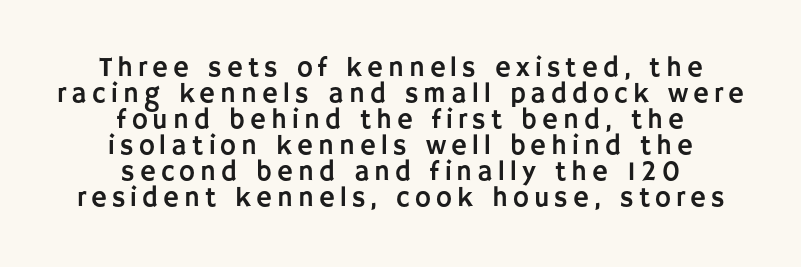
Q: Is the text italic (slanted)? A: No, it is upright.
Q: Is the text underlined? A: No.
Q: How is the paragraph aligned? A: Centered.
Q: Is the spacing between lines tight, normal or loose? A: Tight.
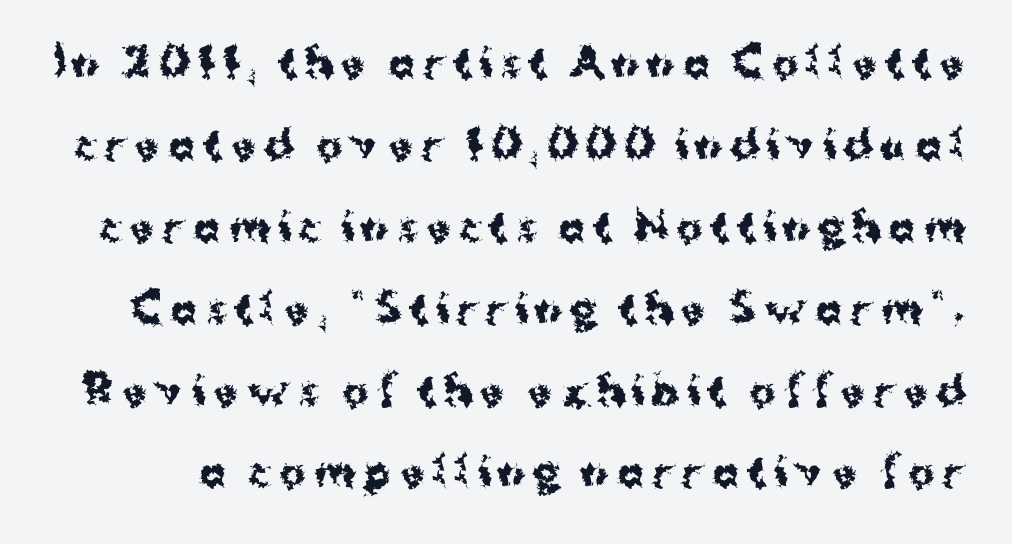
{"serif": "no", "italic": "no", "bold": "yes", "weight": "bold", "width": "normal", "stroke_contrast": "medium", "x_height": "medium", "monospaced": "no", "underline": "no", "line_spacing": "loose", "line_spacing_ratio": 2.1, "letter_spacing": "wide", "letter_spacing_em": 0.21, "glyph_px": 39}
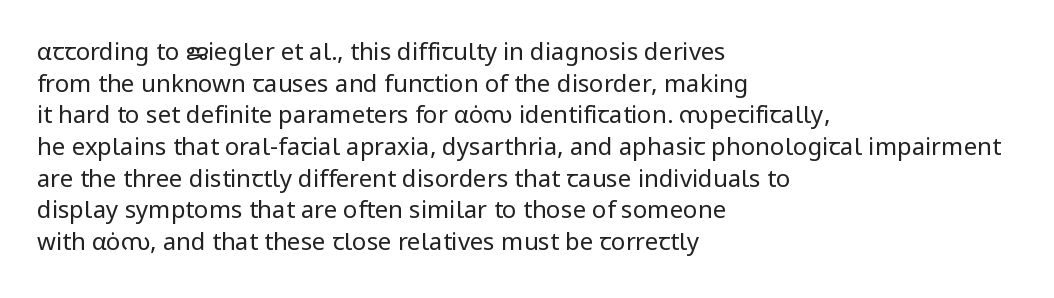
The image shows 24 px text type, upright; set left-aligned, normal line spacing (1.32x), normal letter spacing, not underlined.
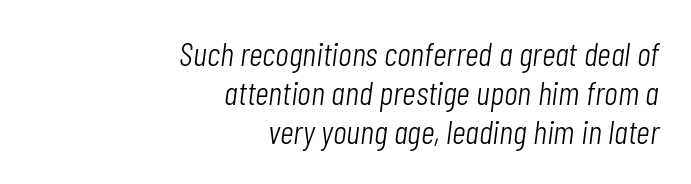
Characters follow at the spacing the type designer built in. Note the varied advance widths — an 'i' is clearly narrower than an 'm'. One glance says dense: line gaps are narrower than usual. The paragraph has a hard right edge and a soft left edge. Decoration check: the copy has no underline.
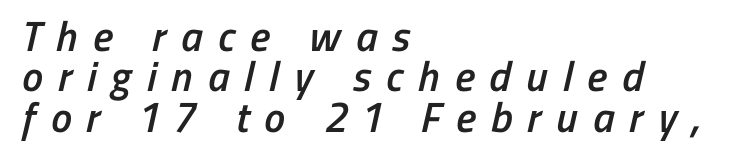
Q: Is the text bold? A: Semi-bold.
Q: Is the typeface a serif or a sans-serif typeface? A: Sans-serif.
Q: Is the text underlined? A: No.
Q: How is the paragraph aligned? A: Left-aligned.
Q: Is the spacing between letters normal or unusually wide? A: Unusually wide.
Q: Is the spacing between lines tight, normal or loose? A: Tight.
Q: Width (condensed, normal, or wide)? A: Condensed.
Q: Stroke contrast? A: Low.
Q: x-height? A: Medium.
Q: Monospaced? A: No.
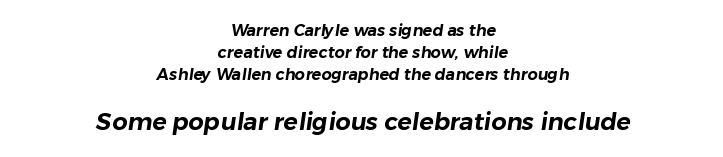
{"underline": "no", "align": "center", "line_spacing": "normal", "line_spacing_ratio": 1.39, "letter_spacing": "normal", "letter_spacing_em": 0.0, "larger_block": "second", "size_ratio": 1.5, "glyph_px": 24}
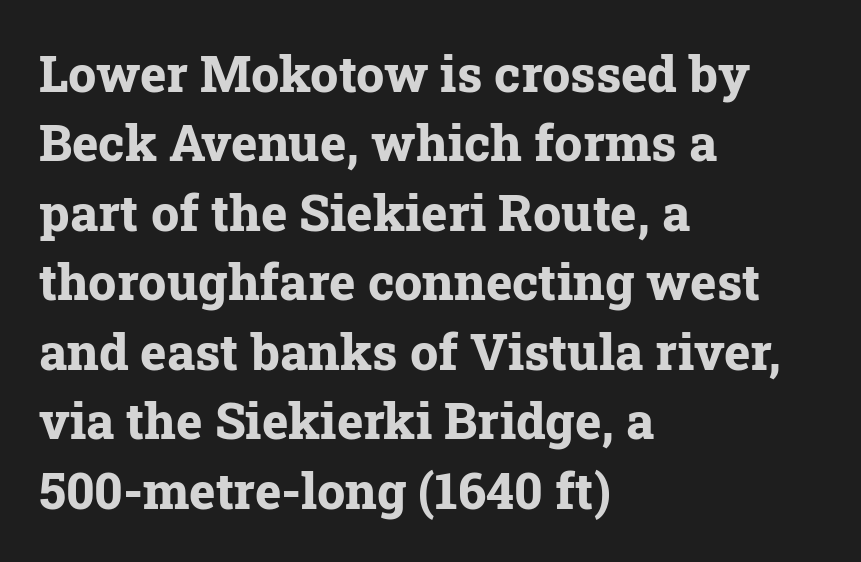
The passage shown is typeset with a serif family. The horizontal fit of the characters is conventional and even. You could not count columns in this text — the font is proportionally spaced. Strokes here are thick enough to call this a true bold. The ragged edge is on the right, which tells us the setting is flush left.
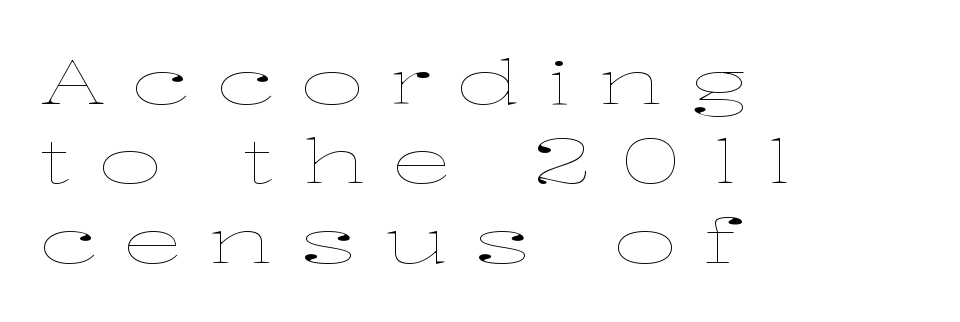
Horizontal bands of white between lines are of average thickness. Between one letter and the next there's a generous, obvious gap. Horizontally, the lines are justified to the leading edge only. Each row of text sits above clean, open space. Every character sits straight up, as roman type does.
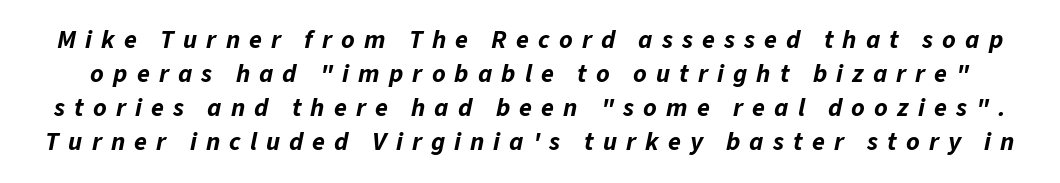
{"italic": "yes", "lean": "right", "slant_degrees": 11, "bold": "yes", "underline": "no", "line_spacing": "normal", "line_spacing_ratio": 1.31, "letter_spacing": "wide", "letter_spacing_em": 0.35, "glyph_px": 26}
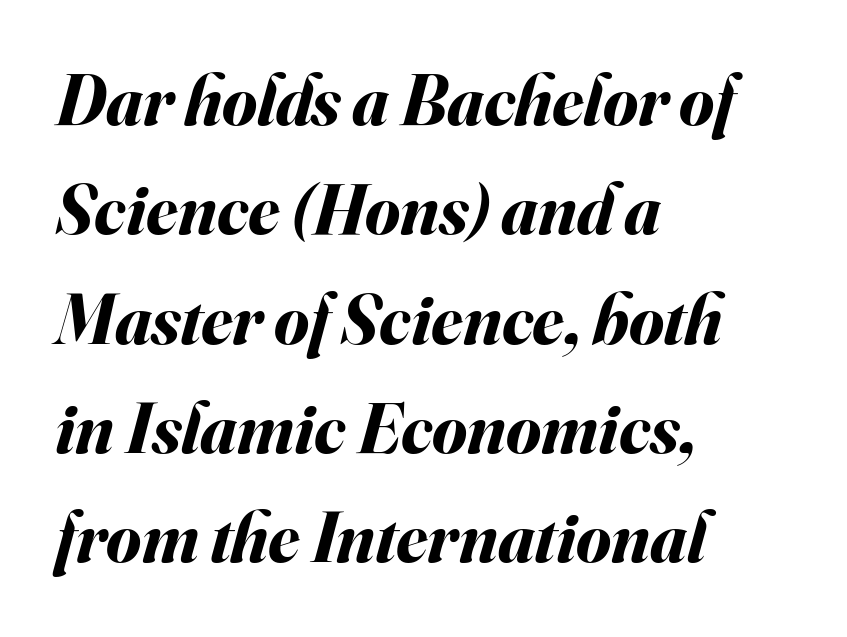
The image shows 71 px bold type, italic (leaning right); set left-aligned, normal line spacing (1.54x), normal letter spacing, not underlined; medium stroke contrast and a small x-height.

Problem details
Would you please copy every line from the listing above that contains the word "wide"?

Exercise result
{"serif": "no", "italic": "no", "bold": "yes", "weight": "bold", "width": "normal", "stroke_contrast": "medium", "x_height": "medium", "monospaced": "no", "underline": "no", "line_spacing": "loose", "line_spacing_ratio": 2.1, "letter_spacing": "wide", "letter_spacing_em": 0.21, "glyph_px": 39}
Q: Is the spacing between letters normal or unusually wide? A: Unusually wide.
Q: Width (condensed, normal, or wide)? A: Condensed.
{"italic": "yes", "lean": "right", "slant_degrees": 11, "bold": "yes", "underline": "no", "line_spacing": "normal", "line_spacing_ratio": 1.31, "letter_spacing": "wide", "letter_spacing_em": 0.35, "glyph_px": 26}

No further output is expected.